Build Progress by Phase

Phase Cycles Focus Outcome
I 1-16 Axiom-based development 70+ derived lemmas, conceptual structure
II 17-23 Constructive foundations Main theorems (conditional on typeclasses)
III 24-53 Infrastructure building DVR bridges, valuation equivalences
IV 54-73 Core proofs Evaluation map, kernel characterization
V 74-75 Cleanup Sorry-free codebase, documentation

Key Techniques

Valuation Theory

  • WithZero (Multiplicative ℤ) for valuations
  • v(f) = exp(-ordv(f)) in multiplicative notation
  • Pole bound: v(f) ≤ exp(D(v))
  • DVR structure at each height-1 prime

Module.length

  • Generalizes vector space dimension
  • Additive on exact sequences
  • Works for any CommRing (not just fields)
  • Residue field κ(v) has length 1

Development Process

This project used an ACE-style orchestration loop: an LLM (Claude) guided by a human through iterative "cycles" of planning, implementation, and review.
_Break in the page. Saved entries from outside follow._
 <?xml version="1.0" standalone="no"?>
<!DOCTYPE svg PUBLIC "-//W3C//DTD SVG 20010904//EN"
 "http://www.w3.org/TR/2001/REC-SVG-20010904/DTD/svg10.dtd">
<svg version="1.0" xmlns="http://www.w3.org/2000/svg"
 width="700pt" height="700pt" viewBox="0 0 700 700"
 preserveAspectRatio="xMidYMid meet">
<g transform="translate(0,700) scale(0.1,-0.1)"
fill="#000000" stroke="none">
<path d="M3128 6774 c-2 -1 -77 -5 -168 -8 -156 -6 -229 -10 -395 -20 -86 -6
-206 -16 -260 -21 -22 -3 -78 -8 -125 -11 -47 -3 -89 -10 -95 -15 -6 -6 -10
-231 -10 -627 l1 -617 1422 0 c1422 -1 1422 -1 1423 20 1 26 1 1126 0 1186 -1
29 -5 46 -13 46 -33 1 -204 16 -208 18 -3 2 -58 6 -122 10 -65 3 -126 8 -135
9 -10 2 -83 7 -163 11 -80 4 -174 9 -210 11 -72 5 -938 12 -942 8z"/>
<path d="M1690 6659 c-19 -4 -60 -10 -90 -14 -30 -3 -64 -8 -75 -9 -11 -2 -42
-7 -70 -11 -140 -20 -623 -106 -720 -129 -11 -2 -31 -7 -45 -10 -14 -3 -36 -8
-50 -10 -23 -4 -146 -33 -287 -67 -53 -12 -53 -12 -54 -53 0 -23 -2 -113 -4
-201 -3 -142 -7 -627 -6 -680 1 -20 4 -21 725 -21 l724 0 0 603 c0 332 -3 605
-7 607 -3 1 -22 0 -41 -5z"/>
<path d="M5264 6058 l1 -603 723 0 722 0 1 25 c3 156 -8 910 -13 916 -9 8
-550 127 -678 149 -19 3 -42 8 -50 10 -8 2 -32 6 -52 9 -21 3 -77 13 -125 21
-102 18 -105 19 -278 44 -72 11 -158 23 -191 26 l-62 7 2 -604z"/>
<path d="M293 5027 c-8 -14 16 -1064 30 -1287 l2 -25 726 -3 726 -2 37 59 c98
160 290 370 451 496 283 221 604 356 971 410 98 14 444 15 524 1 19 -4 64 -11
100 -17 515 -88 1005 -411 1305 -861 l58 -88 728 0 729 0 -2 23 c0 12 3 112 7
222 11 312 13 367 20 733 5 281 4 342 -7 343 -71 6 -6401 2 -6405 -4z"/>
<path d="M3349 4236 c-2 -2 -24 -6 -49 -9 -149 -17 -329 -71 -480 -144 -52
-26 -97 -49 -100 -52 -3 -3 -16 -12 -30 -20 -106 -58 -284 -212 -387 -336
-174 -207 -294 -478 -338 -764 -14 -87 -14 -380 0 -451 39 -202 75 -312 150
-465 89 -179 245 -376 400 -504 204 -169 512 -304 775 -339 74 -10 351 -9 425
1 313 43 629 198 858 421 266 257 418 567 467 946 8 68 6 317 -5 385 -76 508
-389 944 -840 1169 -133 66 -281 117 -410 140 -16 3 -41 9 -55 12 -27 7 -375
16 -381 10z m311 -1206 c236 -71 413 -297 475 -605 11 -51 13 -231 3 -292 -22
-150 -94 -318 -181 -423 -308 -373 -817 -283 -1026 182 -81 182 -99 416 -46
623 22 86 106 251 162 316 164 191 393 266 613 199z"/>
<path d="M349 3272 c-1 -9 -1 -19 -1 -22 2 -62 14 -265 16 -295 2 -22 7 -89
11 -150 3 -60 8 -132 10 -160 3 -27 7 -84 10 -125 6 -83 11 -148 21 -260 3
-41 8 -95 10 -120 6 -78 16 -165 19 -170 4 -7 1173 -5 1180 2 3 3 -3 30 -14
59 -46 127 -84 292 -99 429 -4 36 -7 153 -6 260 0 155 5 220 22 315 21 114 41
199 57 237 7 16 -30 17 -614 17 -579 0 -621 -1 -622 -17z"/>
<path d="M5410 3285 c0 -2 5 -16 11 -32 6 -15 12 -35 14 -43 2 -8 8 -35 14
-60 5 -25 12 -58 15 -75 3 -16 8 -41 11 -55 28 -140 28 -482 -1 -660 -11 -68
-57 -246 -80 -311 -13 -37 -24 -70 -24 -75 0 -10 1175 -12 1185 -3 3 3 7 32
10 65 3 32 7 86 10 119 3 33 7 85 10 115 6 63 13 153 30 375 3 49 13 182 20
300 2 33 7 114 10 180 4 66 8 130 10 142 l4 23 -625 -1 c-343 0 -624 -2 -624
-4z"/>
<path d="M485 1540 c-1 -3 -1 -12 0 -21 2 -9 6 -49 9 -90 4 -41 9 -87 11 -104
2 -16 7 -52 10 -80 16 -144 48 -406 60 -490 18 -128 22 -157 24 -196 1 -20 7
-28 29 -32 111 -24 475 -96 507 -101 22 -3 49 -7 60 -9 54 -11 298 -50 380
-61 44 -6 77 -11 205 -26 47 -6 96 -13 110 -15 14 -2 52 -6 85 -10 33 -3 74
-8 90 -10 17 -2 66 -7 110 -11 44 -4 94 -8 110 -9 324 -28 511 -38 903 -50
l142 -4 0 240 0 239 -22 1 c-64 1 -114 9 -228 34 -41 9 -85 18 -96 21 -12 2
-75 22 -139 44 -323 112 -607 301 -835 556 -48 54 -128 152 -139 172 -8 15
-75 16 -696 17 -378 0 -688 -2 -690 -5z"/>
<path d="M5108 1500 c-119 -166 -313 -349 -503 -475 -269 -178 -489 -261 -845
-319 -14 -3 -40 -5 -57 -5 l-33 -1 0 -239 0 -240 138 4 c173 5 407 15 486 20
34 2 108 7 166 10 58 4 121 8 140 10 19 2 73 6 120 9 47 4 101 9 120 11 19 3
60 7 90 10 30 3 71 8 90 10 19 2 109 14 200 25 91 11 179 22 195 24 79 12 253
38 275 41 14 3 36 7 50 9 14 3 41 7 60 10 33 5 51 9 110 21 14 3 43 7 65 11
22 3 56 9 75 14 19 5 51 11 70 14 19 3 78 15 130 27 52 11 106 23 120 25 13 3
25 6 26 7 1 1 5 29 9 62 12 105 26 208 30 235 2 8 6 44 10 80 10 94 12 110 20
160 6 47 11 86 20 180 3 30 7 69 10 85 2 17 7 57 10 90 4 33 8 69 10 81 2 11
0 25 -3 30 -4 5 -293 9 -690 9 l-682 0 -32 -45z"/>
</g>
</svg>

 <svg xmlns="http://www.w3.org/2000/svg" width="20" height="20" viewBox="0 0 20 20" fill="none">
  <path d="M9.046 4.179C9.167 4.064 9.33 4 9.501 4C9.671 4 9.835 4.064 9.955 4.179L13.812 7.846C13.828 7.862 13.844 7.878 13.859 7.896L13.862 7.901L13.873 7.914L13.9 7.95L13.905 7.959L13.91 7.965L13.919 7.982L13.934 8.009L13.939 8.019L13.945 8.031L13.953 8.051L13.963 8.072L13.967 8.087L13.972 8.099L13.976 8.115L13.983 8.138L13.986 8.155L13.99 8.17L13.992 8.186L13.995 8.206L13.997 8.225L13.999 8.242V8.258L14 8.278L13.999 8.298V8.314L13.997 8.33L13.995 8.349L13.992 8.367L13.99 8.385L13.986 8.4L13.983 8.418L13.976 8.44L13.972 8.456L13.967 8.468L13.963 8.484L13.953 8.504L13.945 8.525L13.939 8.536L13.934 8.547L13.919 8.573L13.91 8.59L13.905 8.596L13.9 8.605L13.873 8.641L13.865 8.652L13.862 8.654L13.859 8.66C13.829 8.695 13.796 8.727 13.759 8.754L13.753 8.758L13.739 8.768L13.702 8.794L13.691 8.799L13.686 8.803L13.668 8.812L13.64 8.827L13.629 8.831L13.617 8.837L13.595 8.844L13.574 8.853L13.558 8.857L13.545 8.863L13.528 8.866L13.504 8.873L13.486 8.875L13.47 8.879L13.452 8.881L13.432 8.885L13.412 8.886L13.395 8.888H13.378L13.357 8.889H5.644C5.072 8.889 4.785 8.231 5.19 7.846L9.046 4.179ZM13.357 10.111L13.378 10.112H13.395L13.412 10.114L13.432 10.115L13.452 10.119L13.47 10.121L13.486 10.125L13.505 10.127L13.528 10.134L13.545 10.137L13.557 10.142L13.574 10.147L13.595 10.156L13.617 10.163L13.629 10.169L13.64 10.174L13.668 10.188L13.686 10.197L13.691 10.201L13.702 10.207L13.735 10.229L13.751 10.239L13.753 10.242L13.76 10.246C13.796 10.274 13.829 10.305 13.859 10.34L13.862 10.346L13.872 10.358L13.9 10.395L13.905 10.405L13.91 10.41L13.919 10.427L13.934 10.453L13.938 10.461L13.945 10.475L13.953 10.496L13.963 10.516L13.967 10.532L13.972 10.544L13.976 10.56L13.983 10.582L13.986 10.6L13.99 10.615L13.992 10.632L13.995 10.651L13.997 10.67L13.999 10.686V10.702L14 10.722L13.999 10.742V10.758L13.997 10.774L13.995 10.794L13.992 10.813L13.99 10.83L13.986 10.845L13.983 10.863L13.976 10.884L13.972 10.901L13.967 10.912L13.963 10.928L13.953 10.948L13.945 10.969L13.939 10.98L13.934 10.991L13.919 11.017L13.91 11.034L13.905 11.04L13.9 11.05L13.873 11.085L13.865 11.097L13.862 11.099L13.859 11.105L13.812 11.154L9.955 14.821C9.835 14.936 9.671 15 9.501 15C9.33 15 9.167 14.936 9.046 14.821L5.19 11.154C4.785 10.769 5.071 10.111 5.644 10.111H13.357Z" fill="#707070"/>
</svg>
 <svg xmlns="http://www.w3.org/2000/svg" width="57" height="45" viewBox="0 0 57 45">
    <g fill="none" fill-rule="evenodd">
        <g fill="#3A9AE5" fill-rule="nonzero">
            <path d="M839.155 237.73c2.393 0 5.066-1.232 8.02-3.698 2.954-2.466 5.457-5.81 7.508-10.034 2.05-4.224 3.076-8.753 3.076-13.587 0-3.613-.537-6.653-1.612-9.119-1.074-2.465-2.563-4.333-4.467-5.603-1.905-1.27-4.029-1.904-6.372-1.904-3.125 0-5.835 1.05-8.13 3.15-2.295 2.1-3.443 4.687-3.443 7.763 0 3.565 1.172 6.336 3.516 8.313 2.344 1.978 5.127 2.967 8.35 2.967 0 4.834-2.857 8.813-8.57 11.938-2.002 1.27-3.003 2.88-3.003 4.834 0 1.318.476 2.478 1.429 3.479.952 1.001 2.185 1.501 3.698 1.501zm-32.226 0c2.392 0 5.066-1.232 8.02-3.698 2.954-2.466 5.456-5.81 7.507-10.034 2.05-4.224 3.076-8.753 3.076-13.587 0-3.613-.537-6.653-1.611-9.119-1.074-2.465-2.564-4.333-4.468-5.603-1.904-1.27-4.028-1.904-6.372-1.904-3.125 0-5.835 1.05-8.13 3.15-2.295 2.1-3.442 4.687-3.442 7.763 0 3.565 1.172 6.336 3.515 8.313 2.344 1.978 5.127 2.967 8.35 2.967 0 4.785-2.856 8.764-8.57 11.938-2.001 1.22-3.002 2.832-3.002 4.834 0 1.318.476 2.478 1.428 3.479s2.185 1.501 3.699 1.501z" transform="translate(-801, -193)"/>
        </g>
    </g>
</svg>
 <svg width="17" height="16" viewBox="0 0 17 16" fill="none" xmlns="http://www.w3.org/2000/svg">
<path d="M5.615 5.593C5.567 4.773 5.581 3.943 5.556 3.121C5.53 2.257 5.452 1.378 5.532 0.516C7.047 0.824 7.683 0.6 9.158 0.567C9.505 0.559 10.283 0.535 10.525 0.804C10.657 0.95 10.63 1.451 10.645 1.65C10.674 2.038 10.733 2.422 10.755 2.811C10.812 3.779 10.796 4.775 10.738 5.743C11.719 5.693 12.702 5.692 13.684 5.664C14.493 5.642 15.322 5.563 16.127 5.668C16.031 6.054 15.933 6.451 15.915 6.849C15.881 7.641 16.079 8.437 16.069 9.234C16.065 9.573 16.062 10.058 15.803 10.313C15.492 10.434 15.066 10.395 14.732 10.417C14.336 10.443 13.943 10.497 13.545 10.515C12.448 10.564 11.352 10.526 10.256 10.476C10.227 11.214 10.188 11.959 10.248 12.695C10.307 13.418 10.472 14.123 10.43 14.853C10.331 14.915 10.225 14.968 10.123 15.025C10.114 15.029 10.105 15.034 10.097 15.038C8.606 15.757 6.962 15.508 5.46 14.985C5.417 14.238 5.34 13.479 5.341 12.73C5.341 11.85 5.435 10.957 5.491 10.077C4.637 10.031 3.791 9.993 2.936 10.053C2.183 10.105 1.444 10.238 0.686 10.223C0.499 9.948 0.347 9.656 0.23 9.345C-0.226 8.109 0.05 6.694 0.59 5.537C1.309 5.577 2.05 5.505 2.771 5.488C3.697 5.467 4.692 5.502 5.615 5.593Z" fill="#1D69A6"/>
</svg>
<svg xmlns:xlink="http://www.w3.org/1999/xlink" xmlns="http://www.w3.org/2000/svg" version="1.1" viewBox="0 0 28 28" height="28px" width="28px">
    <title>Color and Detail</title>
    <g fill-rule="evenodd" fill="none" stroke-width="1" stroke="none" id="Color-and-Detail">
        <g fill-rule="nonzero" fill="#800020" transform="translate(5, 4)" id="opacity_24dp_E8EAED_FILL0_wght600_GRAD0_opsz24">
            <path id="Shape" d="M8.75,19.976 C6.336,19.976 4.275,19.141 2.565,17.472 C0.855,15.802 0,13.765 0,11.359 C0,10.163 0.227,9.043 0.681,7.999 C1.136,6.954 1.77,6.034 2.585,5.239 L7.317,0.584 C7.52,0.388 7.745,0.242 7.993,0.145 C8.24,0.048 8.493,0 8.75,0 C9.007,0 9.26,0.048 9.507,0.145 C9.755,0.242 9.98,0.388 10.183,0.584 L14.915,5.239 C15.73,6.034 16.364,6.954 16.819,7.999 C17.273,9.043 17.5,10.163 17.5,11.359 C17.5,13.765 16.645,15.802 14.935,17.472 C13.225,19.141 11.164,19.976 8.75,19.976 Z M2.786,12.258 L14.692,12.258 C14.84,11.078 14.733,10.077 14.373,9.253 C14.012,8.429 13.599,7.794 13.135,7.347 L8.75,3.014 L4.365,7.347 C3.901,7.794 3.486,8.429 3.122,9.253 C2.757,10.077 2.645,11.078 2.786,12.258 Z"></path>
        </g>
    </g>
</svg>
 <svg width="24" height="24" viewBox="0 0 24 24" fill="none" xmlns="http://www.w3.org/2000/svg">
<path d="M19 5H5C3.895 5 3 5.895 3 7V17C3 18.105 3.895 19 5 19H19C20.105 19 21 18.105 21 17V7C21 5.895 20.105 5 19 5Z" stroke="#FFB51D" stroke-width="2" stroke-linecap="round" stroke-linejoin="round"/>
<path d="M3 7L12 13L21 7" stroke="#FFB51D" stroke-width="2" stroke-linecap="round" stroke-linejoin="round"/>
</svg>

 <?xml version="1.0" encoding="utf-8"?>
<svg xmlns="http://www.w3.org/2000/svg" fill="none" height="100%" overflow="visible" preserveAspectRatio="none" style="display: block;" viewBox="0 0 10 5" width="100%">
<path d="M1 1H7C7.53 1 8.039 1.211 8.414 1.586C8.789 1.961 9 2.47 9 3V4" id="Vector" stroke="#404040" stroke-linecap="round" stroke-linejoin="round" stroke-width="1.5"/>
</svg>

Each cycle targets a specific edge of the proof graph, builds it, tests it, and commits.

Key Pivots

Cycle Discovery Response
17 Axiom approach hit ceiling Created constructive foundation with Dedekind domains
22 HeightOneSpectrum = finite places only Split into LocalGapBound (affine) + SinglePointBound (projective)
45 Found Ideal.IsPrime.mul_mem_pow Root blocker resolved, ideal power membership proved
52 Found IsLocalRing.ResidueField.mapEquiv ResidueFieldBridge proved in one line!
67 withzero_lt_exp_succ_imp_le_exp Key lemma for kernel backward direction
Lesson learned: Mathlib spelunking is crucial. Multiple cycles of complex manual proof were replaced by discovering the right existing lemma. The mapEquiv discovery alone saved an estimated 20 cycles of work.